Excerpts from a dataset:
====================

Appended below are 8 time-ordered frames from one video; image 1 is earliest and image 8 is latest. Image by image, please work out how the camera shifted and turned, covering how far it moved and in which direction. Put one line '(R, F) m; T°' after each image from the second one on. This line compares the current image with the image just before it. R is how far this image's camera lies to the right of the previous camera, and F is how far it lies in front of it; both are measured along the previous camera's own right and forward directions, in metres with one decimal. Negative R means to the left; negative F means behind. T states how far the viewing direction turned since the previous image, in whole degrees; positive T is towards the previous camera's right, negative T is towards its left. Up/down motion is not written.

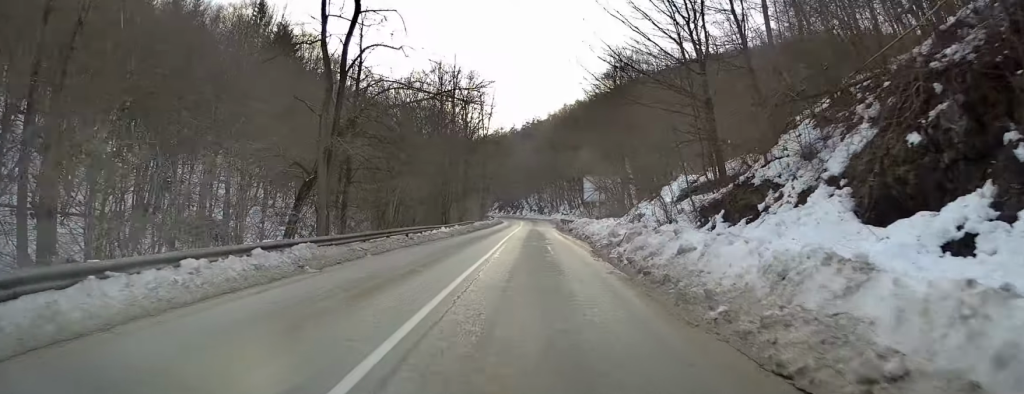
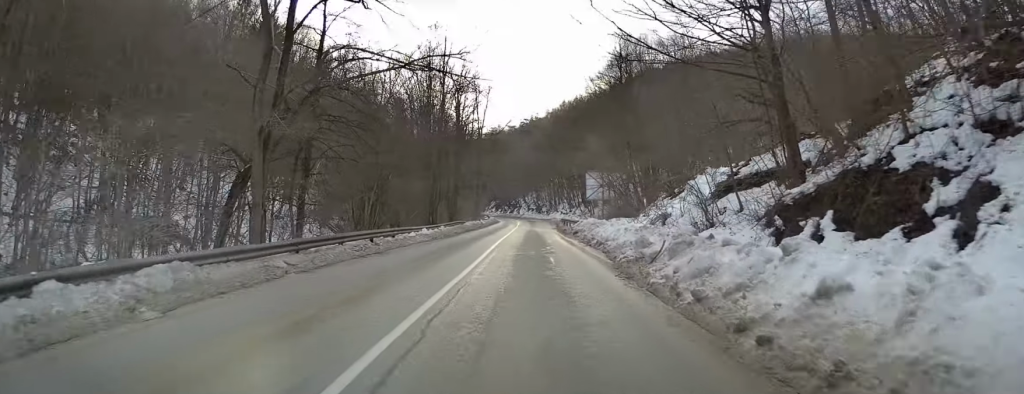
(0.0, +6.0) m; -1°
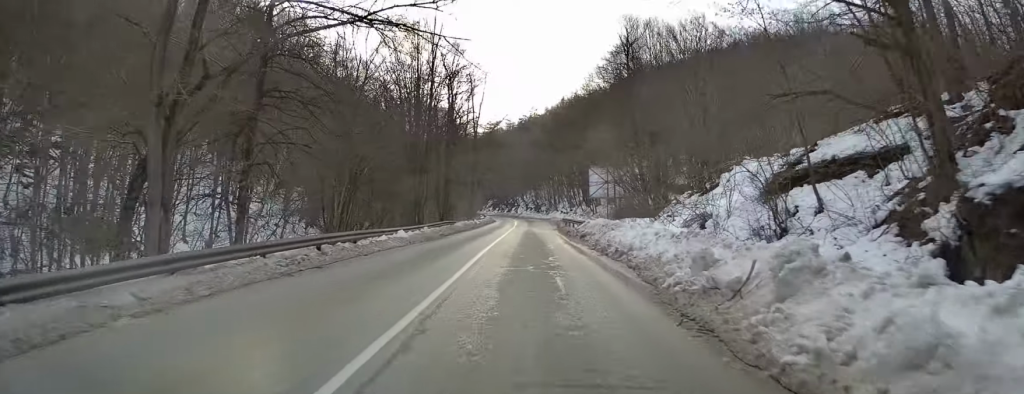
(+0.1, +5.6) m; -1°
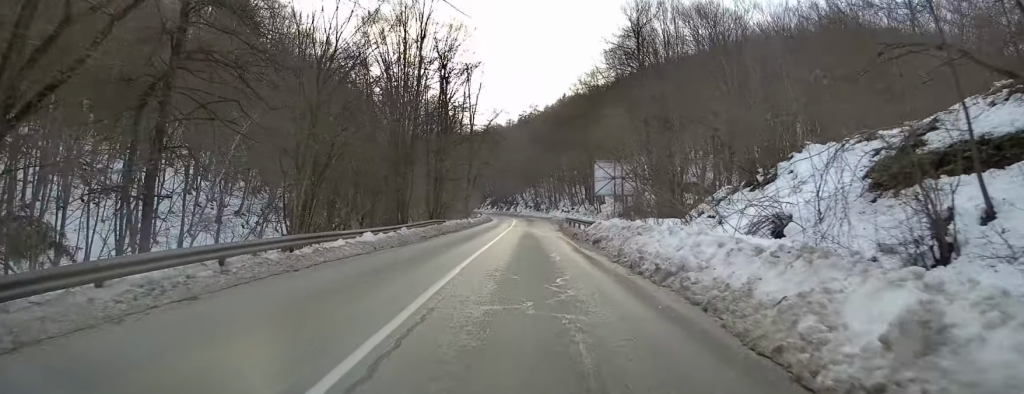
(-0.1, +5.6) m; -1°
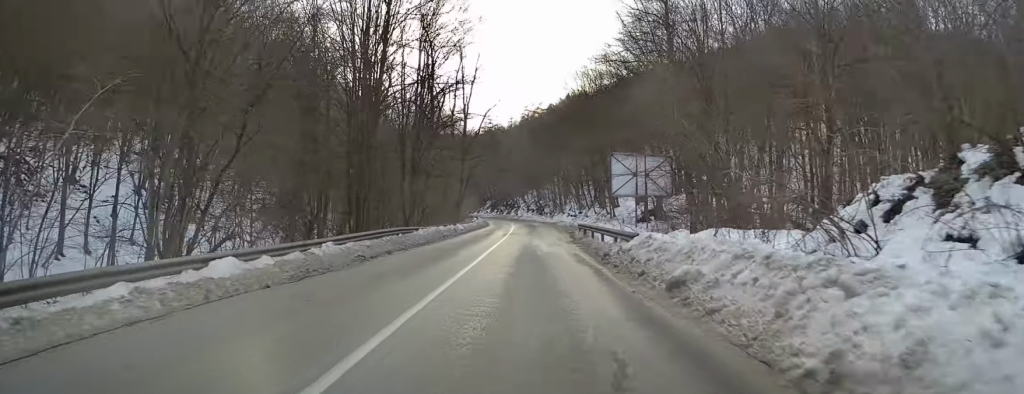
(-0.2, +10.8) m; -1°
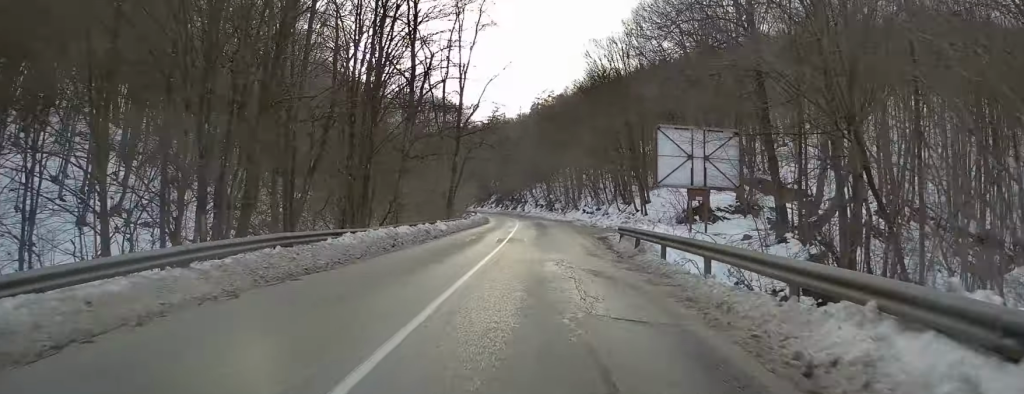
(+0.1, +13.8) m; +1°
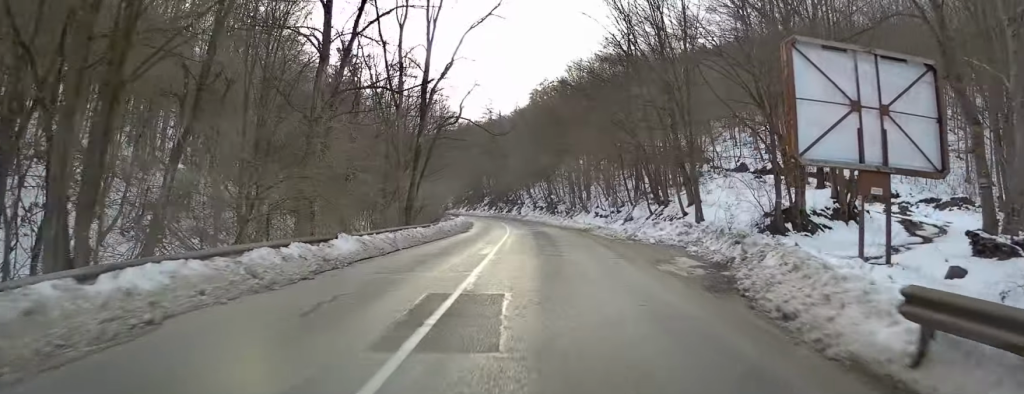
(+0.2, +17.2) m; -1°
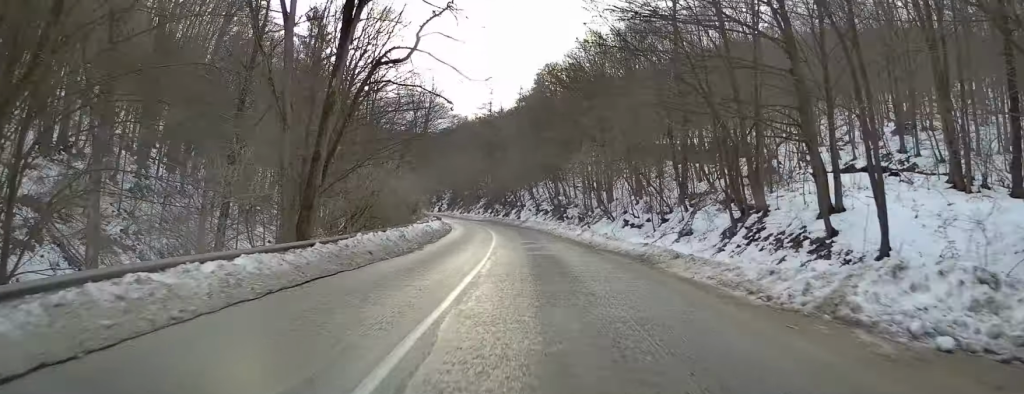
(-0.5, +17.8) m; -1°

====================

From the first line to the last, set down the records above exactly and skip the pictures.

## RESULT
Appended below are 8 time-ordered frames from one video; image 1 is earliest and image 8 is latest. Image by image, please work out how the camera shifted and turned, covering how far it moved and in which direction. Put one line '(R, F) m; T°' after each image from the second one on. This line compares the current image with the image just before it. R is how far this image's camera lies to the right of the previous camera, and F is how far it lies in front of it; both are measured along the previous camera's own right and forward directions, in metres with one decimal. Negative R means to the left; negative F means behind. T states how far the viewing direction turned since the previous image, in whole degrees; positive T is towards the previous camera's right, negative T is towards its left. Up/down motion is not written.

(0.0, +6.0) m; -1°
(+0.1, +5.6) m; -1°
(-0.1, +5.6) m; -1°
(-0.2, +10.8) m; -1°
(+0.1, +13.8) m; +1°
(+0.2, +17.2) m; -1°
(-0.5, +17.8) m; -1°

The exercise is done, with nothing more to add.